A similar remark concerns the general assumption that the local poses obtained from single-device SLAM are precise. Is it representative to model only distance measurement noise, and not noise on the self-estimated pose of each device? Measurement noise induced by low-grade IMU may play a larger role than UWB distance measurement noise.

Author Response

Dear Reviewer,

Thank you very much for your valuable suggestions. As you proposed, we performed a new simulation with noisy gravitation vector measurement, in order to compare the 4-DOF performance decrease with increasing tilt error against the full relative pose estimation. To present this result, a new subsection has been written.

Your question regarding the assumption that the poses are precise is good and at the same time not a trivial one. In the related works of relative pose estimation [18, 19], the same assumption has been done for the linear solution. There, a weighted least squares refinement is proposed in order to compensate for the drift effect on the solution. Modeling IMU drift error is rather straightforward. In the context of SLAM, it is rather complicated, since position uncertainty can change over time (e.g. due to loop closures). Working with Covariance Matrices could be a possibility, if available.
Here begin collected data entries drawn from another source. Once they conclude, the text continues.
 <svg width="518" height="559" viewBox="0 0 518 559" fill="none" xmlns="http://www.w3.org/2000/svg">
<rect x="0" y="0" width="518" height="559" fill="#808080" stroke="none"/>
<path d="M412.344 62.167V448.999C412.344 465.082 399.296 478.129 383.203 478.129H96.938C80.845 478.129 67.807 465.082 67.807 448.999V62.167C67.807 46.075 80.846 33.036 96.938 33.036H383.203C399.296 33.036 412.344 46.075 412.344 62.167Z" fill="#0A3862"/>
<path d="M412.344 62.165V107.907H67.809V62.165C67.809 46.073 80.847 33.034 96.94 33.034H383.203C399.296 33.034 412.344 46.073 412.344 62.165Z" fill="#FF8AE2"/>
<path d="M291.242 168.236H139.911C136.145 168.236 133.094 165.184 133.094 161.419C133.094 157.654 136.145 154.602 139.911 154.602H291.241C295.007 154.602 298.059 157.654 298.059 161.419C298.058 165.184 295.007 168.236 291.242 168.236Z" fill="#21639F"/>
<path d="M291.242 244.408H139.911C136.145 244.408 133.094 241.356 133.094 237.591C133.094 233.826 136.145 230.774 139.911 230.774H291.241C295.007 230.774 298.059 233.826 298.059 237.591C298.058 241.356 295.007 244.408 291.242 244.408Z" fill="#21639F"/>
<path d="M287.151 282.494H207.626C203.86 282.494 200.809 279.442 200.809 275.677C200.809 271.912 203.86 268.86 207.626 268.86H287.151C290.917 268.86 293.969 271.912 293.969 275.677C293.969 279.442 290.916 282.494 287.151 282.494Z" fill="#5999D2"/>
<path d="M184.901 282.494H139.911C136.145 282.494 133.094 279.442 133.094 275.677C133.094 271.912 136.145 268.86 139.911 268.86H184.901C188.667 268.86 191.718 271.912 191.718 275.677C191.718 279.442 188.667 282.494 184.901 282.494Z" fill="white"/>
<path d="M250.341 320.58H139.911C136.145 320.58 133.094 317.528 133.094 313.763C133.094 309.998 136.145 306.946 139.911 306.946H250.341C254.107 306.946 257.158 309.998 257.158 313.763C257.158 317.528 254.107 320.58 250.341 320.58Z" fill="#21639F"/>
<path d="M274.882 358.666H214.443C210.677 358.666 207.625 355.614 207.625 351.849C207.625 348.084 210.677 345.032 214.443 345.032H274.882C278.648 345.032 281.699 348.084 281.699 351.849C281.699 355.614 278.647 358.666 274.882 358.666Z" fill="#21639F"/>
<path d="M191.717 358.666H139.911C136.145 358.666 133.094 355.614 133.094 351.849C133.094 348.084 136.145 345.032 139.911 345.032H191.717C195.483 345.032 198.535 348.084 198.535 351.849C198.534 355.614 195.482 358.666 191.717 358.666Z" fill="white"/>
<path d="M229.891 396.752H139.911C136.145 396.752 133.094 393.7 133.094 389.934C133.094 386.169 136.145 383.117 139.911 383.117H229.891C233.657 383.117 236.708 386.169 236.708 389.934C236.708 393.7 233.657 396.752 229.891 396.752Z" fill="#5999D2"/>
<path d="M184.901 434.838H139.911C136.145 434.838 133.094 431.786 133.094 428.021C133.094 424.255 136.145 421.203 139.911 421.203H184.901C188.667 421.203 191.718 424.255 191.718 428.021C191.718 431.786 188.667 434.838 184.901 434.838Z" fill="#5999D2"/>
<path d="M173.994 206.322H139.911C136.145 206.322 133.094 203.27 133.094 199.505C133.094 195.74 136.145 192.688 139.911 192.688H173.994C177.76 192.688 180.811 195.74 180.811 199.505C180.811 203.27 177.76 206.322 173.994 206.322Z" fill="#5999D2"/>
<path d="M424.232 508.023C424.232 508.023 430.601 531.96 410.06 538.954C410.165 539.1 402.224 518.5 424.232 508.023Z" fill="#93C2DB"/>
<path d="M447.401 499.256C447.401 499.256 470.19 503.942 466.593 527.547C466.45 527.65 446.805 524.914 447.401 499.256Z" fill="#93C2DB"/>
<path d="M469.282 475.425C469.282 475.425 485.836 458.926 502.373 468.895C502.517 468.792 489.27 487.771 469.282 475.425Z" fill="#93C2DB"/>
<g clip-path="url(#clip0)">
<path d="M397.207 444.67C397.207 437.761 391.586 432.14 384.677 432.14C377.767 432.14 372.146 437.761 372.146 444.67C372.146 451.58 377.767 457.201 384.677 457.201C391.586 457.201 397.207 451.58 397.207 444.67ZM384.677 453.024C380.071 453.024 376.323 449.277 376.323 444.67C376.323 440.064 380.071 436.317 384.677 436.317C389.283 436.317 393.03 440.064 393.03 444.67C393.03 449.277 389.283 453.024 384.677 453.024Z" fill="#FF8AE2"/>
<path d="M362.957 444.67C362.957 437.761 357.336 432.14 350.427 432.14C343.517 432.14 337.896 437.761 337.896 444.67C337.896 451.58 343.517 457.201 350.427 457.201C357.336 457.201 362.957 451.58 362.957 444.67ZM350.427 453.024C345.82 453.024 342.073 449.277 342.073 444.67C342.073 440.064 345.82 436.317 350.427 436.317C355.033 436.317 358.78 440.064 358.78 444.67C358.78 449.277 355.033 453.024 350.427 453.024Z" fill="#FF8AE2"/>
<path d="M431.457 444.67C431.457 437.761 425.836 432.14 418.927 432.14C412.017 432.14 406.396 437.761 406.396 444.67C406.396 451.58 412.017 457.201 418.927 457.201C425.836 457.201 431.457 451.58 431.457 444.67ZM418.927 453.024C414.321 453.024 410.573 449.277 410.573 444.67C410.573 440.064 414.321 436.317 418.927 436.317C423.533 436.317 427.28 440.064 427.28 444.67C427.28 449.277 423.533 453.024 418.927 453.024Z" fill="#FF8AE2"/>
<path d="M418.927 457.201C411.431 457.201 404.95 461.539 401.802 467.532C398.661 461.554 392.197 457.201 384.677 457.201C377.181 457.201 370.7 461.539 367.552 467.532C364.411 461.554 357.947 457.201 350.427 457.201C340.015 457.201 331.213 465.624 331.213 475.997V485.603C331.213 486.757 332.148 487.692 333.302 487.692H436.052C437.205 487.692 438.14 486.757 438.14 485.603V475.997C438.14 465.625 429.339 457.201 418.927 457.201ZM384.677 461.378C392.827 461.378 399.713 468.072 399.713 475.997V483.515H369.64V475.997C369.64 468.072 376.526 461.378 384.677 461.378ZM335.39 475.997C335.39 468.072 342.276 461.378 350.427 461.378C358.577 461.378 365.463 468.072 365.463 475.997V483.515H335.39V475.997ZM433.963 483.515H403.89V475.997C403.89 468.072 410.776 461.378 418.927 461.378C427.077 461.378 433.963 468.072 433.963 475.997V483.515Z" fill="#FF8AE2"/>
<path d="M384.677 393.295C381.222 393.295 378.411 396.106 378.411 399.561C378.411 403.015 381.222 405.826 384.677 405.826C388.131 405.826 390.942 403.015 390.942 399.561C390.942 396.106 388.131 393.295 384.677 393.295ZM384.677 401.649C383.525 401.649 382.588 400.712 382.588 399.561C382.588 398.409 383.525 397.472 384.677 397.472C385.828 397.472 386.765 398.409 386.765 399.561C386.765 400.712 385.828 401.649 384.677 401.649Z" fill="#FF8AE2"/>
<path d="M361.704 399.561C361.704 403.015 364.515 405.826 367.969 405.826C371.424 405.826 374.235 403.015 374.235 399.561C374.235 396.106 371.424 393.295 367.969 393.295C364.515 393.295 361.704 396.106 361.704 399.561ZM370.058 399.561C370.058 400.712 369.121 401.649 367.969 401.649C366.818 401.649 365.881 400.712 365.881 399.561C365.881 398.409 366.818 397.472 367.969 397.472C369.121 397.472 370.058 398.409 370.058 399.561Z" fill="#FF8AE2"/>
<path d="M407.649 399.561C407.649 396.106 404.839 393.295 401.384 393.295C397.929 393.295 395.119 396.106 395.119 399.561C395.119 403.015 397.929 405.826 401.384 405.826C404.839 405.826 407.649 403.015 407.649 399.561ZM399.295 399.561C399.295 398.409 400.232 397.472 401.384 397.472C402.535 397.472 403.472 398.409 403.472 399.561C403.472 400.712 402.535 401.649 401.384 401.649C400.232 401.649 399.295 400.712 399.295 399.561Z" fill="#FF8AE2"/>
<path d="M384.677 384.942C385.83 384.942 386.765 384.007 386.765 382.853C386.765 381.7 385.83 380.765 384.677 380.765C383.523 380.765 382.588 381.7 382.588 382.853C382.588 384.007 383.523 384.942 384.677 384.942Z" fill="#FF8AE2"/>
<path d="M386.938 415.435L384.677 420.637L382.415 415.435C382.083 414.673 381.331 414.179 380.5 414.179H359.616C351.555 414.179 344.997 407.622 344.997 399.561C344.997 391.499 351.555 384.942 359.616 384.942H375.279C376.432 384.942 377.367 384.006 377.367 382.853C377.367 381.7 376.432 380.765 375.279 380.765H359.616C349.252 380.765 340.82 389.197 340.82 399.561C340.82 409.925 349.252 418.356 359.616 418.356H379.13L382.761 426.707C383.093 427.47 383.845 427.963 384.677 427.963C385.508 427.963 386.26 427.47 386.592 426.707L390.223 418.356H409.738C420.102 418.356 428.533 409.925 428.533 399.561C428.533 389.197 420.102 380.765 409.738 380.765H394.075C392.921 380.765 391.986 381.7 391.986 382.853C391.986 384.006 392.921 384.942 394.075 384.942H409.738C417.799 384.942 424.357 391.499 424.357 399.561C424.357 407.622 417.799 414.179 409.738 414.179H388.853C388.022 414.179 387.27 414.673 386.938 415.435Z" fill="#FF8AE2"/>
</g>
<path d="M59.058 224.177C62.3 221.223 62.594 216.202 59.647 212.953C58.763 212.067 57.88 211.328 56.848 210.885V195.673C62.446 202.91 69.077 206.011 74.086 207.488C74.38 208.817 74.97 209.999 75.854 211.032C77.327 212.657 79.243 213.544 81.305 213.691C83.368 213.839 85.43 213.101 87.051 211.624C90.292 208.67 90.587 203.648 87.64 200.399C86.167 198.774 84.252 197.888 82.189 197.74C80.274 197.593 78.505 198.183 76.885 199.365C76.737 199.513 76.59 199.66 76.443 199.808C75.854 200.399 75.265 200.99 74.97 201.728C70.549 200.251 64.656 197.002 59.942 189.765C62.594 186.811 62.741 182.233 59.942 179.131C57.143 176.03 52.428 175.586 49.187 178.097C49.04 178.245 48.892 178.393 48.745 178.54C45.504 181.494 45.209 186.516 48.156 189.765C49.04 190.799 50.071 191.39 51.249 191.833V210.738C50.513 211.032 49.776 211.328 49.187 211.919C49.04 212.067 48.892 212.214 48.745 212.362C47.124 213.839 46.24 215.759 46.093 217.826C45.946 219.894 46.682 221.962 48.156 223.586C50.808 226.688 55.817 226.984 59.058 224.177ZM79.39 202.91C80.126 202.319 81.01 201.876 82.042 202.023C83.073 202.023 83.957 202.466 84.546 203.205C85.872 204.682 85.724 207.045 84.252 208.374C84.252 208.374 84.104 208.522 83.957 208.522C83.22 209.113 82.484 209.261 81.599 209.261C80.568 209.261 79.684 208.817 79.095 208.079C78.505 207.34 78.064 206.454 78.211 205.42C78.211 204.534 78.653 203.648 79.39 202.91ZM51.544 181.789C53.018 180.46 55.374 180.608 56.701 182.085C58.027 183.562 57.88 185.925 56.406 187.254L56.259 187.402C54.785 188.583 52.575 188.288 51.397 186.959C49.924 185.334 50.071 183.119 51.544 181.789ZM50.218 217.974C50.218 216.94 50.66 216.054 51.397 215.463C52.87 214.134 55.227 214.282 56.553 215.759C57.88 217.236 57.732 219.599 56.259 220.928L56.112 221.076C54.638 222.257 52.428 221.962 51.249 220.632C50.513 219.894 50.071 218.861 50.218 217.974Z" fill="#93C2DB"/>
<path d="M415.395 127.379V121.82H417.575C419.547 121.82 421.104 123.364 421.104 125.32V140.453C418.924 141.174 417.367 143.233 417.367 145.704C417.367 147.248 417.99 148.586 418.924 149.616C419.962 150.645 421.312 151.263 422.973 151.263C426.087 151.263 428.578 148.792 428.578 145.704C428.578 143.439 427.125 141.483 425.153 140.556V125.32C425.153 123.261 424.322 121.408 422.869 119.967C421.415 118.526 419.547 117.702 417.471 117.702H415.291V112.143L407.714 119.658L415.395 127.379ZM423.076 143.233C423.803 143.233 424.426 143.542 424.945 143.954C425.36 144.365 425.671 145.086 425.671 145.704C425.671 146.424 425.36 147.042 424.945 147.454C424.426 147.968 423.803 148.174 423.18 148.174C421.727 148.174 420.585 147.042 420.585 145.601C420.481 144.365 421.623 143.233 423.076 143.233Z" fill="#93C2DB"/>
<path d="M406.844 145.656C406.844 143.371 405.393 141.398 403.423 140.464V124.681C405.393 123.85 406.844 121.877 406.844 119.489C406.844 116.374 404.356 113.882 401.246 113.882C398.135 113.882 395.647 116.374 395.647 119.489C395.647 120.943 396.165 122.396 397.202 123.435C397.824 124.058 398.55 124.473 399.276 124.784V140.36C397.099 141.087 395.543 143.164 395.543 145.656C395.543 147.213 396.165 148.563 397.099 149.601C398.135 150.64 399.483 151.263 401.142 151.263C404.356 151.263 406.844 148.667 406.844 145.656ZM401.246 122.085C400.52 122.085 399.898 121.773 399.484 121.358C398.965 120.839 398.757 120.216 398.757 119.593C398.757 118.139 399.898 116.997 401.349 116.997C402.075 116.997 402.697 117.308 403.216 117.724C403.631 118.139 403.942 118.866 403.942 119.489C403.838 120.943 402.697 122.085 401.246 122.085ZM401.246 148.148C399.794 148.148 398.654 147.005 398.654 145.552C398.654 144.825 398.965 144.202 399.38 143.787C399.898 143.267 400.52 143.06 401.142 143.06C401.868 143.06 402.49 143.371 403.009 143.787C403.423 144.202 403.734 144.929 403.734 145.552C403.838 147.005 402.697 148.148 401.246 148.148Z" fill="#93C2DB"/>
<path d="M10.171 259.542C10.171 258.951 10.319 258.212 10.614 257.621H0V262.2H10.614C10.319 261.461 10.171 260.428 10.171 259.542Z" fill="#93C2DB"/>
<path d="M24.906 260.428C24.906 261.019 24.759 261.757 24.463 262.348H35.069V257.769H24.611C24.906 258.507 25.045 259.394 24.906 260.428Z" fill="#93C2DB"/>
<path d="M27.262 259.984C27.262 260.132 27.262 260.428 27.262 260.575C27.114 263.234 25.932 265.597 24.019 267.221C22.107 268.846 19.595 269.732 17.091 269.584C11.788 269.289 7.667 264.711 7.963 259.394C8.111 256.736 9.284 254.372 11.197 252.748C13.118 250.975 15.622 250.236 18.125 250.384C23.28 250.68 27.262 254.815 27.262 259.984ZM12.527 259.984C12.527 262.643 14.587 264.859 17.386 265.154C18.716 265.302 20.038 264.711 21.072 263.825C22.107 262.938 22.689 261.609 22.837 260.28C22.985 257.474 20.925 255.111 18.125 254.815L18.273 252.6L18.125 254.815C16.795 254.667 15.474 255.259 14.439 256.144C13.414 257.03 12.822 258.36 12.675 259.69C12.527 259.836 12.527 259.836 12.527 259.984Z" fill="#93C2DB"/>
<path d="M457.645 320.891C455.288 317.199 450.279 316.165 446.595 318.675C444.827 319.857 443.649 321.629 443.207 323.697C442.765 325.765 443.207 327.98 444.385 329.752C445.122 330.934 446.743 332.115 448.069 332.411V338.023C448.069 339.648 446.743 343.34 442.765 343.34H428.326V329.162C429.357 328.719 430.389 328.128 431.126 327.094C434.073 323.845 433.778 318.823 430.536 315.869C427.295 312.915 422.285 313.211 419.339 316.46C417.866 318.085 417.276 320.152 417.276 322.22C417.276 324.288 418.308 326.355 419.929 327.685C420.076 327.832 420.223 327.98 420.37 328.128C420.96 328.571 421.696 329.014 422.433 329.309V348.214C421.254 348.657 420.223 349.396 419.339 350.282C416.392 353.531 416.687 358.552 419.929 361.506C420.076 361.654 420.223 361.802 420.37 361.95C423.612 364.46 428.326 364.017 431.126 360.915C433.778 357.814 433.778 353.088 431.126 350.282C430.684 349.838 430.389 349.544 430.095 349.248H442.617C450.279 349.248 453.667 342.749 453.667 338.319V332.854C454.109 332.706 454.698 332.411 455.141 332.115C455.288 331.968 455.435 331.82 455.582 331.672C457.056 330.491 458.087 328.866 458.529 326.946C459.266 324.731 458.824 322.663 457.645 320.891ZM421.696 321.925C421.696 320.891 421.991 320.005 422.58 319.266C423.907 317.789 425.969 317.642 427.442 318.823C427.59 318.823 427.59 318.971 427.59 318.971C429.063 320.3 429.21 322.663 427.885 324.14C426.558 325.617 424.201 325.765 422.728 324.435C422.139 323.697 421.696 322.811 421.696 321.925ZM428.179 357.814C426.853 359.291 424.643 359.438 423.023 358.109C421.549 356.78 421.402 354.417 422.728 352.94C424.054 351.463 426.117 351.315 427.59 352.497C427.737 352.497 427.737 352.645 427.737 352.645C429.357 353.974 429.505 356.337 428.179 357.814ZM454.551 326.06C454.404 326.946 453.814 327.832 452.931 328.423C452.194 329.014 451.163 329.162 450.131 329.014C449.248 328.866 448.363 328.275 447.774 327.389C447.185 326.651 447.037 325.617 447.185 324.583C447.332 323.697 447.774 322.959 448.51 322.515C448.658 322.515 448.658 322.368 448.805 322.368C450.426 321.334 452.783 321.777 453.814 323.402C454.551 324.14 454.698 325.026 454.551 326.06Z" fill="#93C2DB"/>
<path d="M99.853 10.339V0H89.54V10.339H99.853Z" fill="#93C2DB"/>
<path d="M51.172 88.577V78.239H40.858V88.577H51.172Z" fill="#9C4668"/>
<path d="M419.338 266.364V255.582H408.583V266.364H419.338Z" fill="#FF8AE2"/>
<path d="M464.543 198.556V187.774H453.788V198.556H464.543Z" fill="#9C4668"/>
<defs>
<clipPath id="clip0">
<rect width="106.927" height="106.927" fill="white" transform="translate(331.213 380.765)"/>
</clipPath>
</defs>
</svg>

Trying to reduce the position uncertainty with relative range measurements is also a valid research direction, but suffers from difficulties, specially if no anchors are used, since a relative pose is calculated from rather noisy one-dimensional measurements, while SLAM localization is very accurate (at least at small & medium scales).

Nevertheless, we also added a 3D relative pose simulation as a function of drift in position.